START Information provided

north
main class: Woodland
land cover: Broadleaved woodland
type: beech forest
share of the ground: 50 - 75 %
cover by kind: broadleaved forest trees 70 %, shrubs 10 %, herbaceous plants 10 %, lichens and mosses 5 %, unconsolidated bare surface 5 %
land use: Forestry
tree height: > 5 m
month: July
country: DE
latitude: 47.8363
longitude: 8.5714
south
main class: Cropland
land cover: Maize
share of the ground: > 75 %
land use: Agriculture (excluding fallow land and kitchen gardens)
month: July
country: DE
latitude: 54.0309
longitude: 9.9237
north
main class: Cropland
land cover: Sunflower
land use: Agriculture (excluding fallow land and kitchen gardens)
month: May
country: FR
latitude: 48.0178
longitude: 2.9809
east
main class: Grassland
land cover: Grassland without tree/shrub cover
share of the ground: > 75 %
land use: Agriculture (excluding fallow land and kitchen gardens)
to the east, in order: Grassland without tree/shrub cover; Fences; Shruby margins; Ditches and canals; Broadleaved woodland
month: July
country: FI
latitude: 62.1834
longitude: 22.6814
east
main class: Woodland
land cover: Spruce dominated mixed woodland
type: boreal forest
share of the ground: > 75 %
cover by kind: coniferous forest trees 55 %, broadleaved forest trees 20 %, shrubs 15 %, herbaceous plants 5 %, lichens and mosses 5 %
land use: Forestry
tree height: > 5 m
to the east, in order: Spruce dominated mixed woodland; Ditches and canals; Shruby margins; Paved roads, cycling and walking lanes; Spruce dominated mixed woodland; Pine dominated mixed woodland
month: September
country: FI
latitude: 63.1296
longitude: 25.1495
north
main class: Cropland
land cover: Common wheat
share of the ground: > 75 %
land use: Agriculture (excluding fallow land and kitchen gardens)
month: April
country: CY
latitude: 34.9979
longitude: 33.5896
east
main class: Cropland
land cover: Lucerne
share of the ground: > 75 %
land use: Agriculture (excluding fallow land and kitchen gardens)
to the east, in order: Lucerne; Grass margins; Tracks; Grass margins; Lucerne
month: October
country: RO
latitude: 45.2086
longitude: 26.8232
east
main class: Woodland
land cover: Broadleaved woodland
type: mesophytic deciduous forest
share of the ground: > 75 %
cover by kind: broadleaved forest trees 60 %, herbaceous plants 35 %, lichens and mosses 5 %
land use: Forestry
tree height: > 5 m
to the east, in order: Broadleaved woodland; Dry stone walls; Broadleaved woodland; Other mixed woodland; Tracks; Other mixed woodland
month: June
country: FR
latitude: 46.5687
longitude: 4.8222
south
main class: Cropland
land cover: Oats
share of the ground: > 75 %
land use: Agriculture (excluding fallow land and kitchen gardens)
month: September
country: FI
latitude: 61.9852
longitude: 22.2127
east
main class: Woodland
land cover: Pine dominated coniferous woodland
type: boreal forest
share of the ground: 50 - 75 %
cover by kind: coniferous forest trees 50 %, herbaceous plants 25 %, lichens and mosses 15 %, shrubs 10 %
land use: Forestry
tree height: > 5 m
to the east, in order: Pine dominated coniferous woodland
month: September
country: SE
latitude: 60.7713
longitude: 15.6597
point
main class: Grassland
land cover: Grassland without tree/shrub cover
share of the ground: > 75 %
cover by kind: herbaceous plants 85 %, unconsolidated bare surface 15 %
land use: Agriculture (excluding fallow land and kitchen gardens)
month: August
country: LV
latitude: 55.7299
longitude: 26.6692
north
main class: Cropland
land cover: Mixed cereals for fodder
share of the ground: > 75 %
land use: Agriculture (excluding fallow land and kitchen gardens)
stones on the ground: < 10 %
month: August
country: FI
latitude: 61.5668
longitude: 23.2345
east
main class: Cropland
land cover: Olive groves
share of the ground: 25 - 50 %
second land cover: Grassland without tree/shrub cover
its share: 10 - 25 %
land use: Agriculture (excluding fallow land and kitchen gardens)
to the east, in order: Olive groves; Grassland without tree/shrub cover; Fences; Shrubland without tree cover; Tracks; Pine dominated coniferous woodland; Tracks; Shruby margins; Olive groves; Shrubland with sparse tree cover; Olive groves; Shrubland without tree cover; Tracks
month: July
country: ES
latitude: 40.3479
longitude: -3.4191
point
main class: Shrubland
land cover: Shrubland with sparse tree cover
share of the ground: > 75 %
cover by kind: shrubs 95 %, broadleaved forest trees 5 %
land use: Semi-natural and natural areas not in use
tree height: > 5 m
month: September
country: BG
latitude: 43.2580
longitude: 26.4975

END Information provided

▸ Problem
Retype only the lines above between the line with "to the east, in order: Olive" and the line with "main class: Shrubland", counting those two lines as well, and keep every character as it is.

▸ Solution below
to the east, in order: Olive groves; Grassland without tree/shrub cover; Fences; Shrubland without tree cover; Tracks; Pine dominated coniferous woodland; Tracks; Shruby margins; Olive groves; Shrubland with sparse tree cover; Olive groves; Shrubland without tree cover; Tracks
month: July
country: ES
latitude: 40.3479
longitude: -3.4191
point
main class: Shrubland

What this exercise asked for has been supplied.